Record by record, write out the listing word for word while omitting pictures.

Record excerpts:
#####

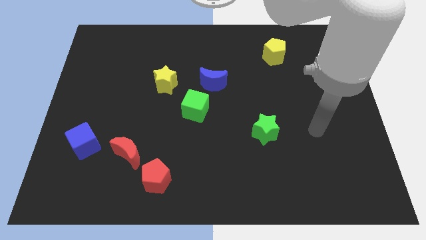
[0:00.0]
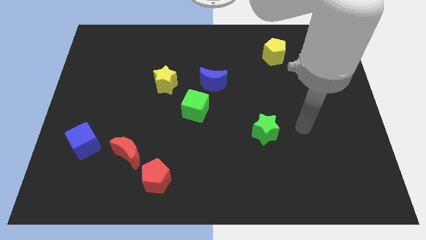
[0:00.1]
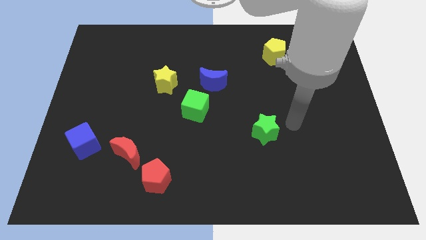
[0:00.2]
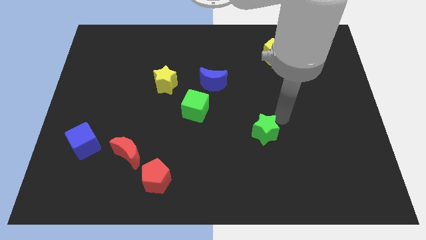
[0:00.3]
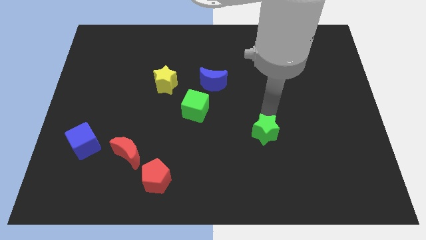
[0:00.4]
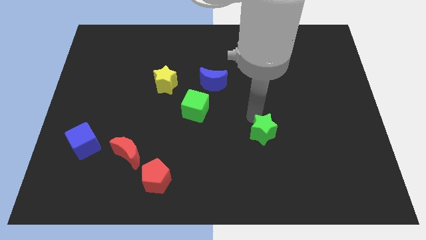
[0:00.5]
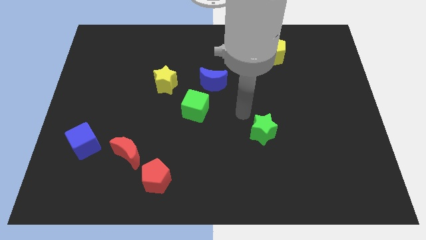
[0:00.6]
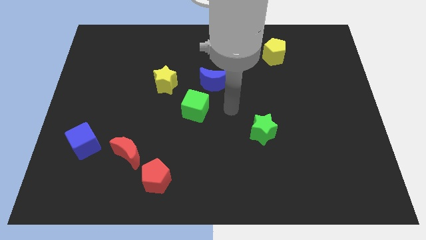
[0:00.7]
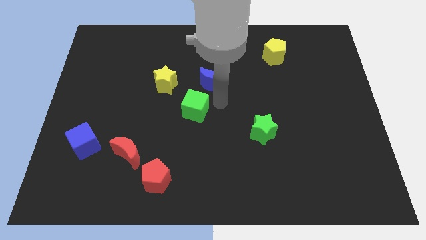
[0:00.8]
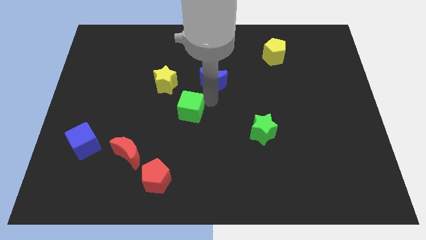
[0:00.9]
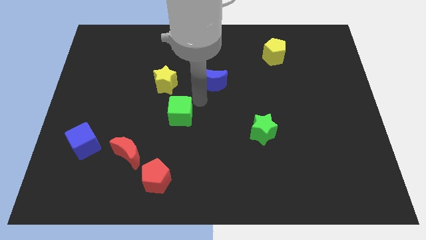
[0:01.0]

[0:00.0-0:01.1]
separate the blue moon from the green cube

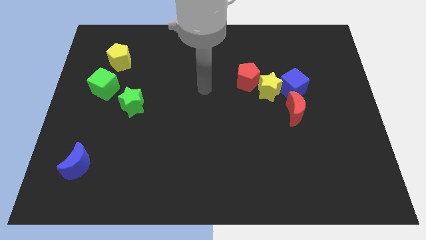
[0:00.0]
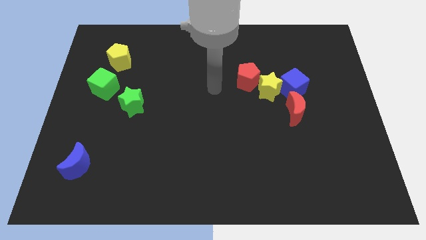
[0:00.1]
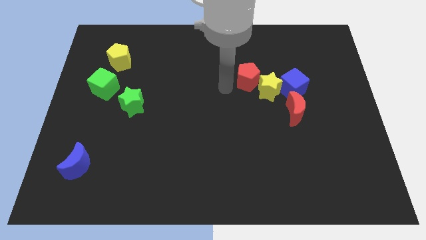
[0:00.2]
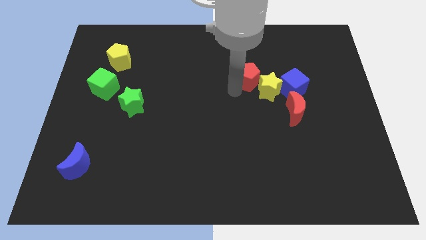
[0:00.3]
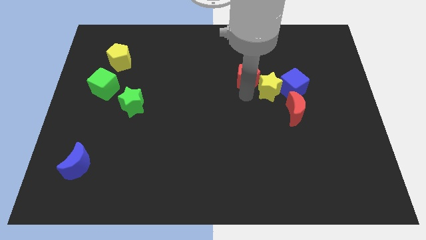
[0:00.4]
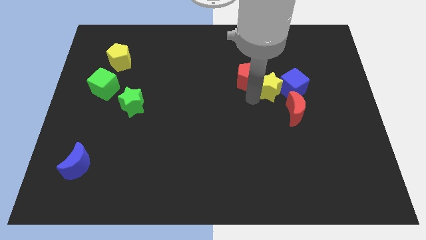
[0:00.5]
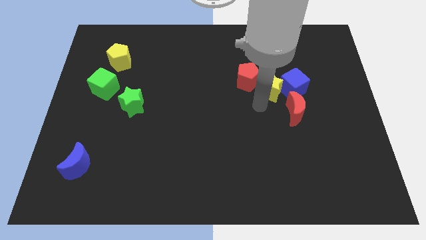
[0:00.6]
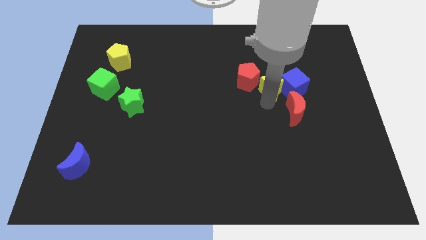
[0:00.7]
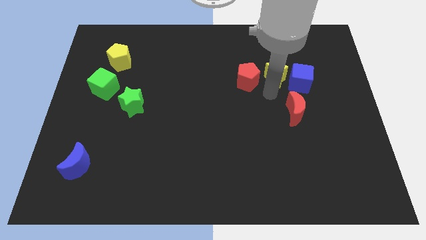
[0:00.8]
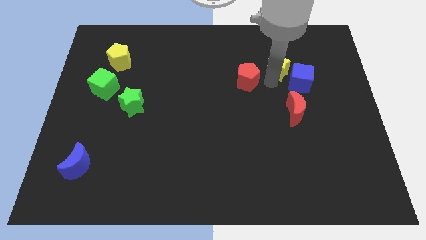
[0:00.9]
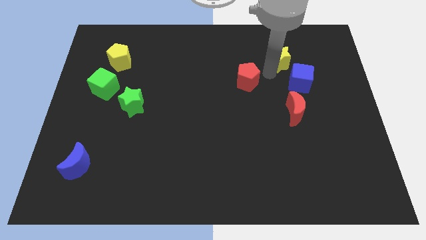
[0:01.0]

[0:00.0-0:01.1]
pull the red pentagon apart from the yellow star

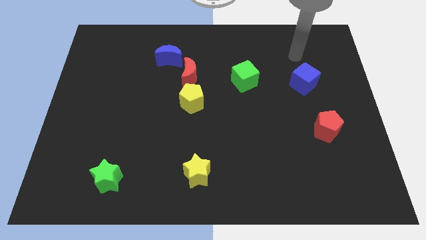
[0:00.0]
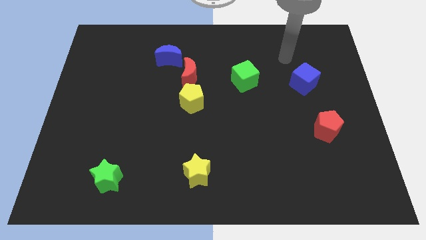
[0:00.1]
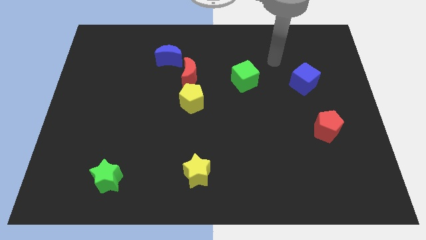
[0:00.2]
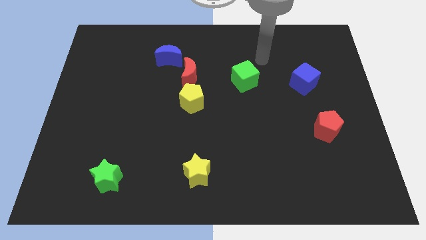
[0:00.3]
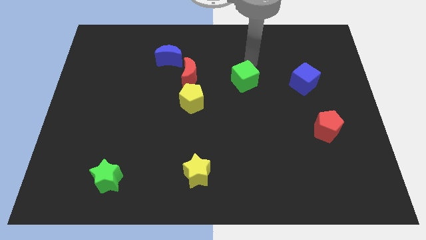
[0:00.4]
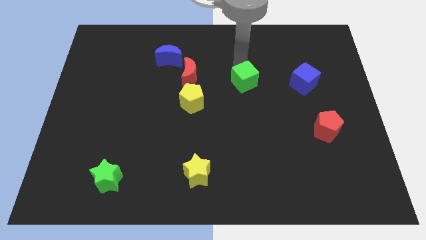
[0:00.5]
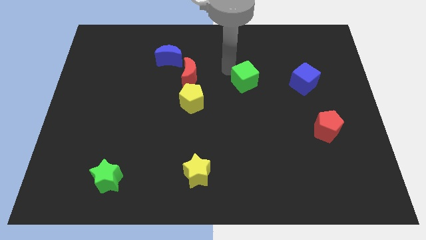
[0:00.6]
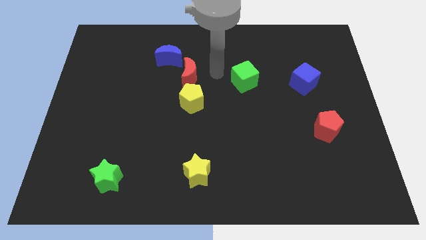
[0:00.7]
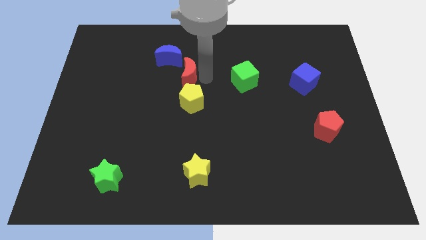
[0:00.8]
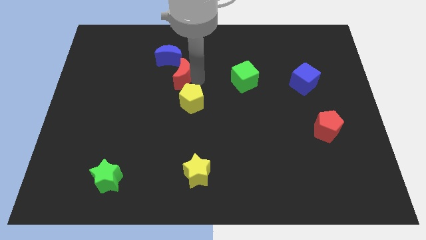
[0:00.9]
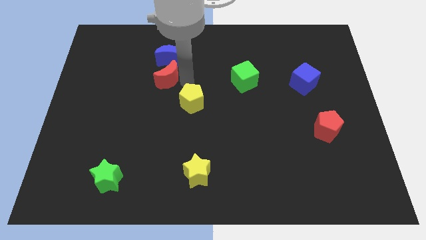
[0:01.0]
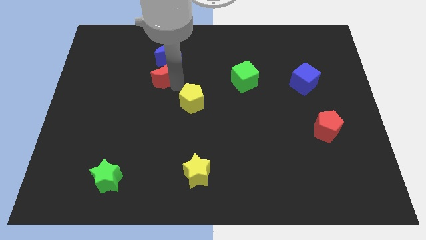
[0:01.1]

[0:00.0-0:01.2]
separate the yellow pentagon from the red moon

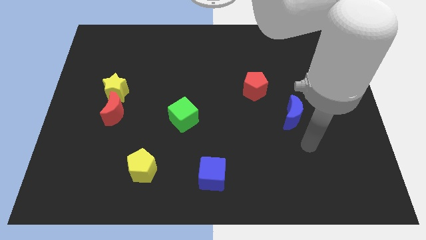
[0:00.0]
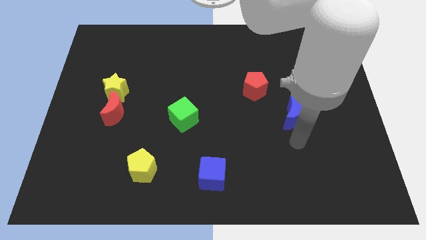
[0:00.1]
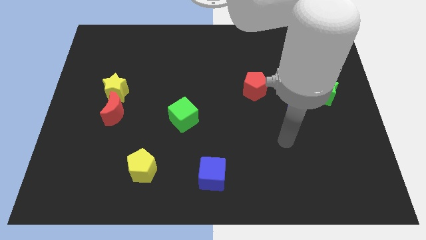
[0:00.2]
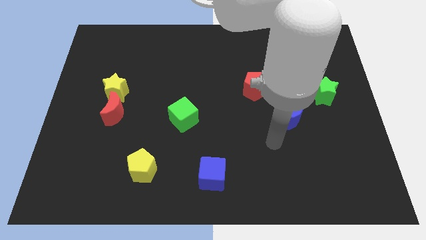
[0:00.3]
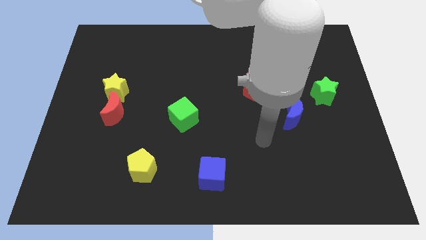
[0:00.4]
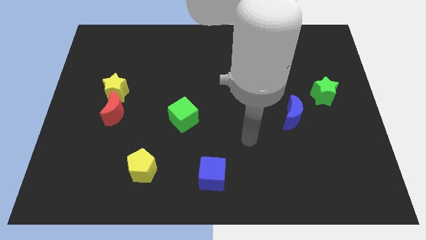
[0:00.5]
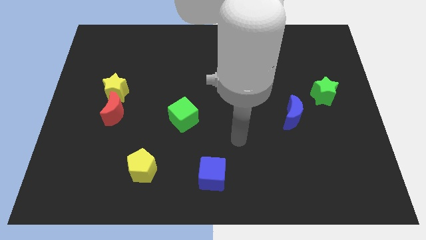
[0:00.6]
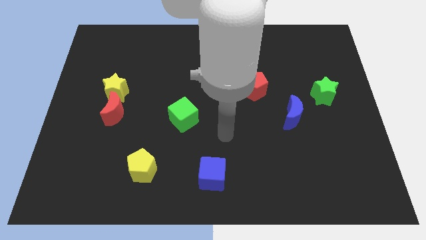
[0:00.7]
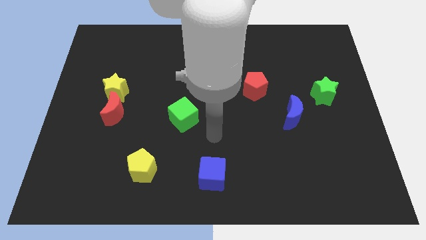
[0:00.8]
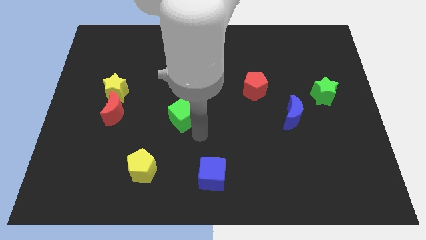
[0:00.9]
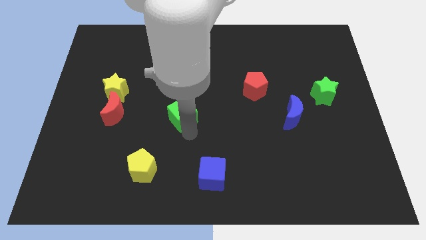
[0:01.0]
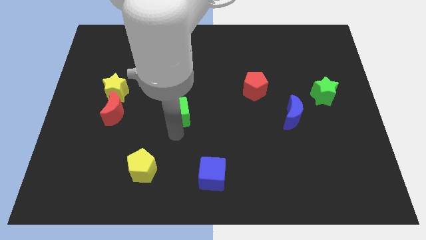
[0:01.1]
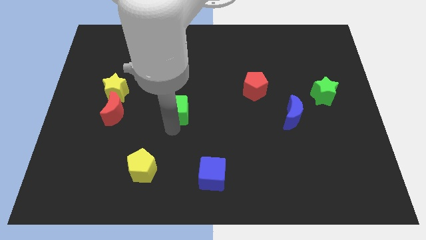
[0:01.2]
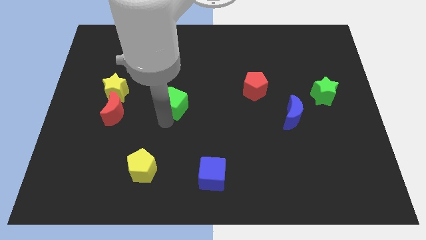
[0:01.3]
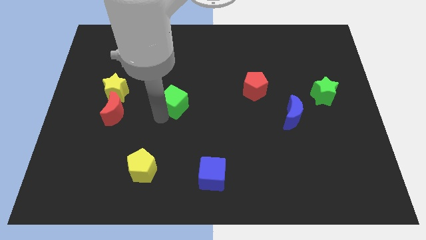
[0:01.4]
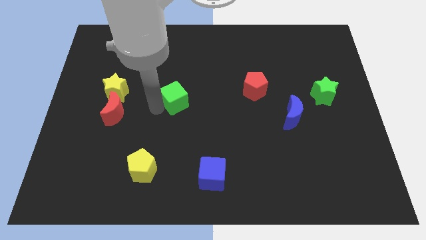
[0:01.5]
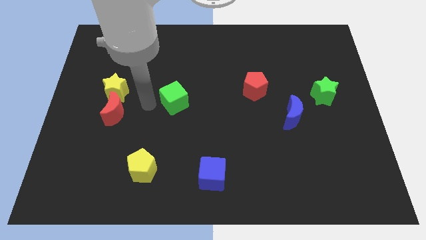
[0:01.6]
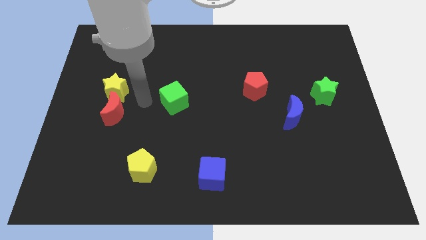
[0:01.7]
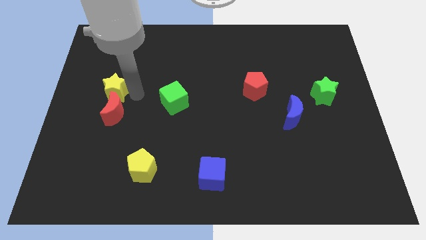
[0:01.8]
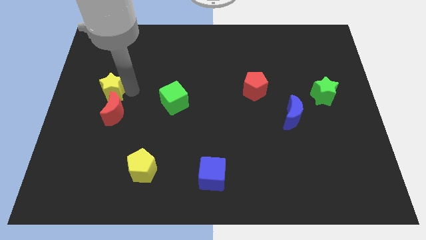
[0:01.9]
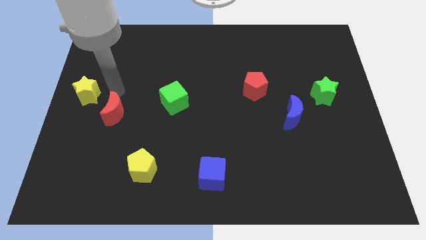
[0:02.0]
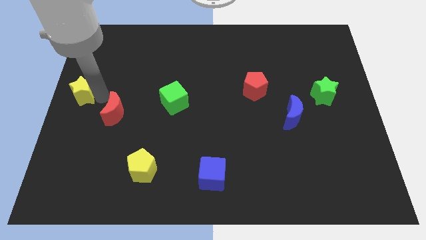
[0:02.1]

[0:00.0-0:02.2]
move the red moon away from the yellow star

#####

Response:
[0:00.0]
[0:00.1]
[0:00.2]
[0:00.3]
[0:00.4]
[0:00.5]
[0:00.6]
[0:00.7]
[0:00.8]
[0:00.9]
[0:01.0]

[0:00.0-0:01.1]
separate the blue moon from the green cube

[0:00.0]
[0:00.1]
[0:00.2]
[0:00.3]
[0:00.4]
[0:00.5]
[0:00.6]
[0:00.7]
[0:00.8]
[0:00.9]
[0:01.0]

[0:00.0-0:01.1]
pull the red pentagon apart from the yellow star

[0:00.0]
[0:00.1]
[0:00.2]
[0:00.3]
[0:00.4]
[0:00.5]
[0:00.6]
[0:00.7]
[0:00.8]
[0:00.9]
[0:01.0]
[0:01.1]

[0:00.0-0:01.2]
separate the yellow pentagon from the red moon

[0:00.0]
[0:00.1]
[0:00.2]
[0:00.3]
[0:00.4]
[0:00.5]
[0:00.6]
[0:00.7]
[0:00.8]
[0:00.9]
[0:01.0]
[0:01.1]
[0:01.2]
[0:01.3]
[0:01.4]
[0:01.5]
[0:01.6]
[0:01.7]
[0:01.8]
[0:01.9]
[0:02.0]
[0:02.1]

[0:00.0-0:02.2]
move the red moon away from the yellow star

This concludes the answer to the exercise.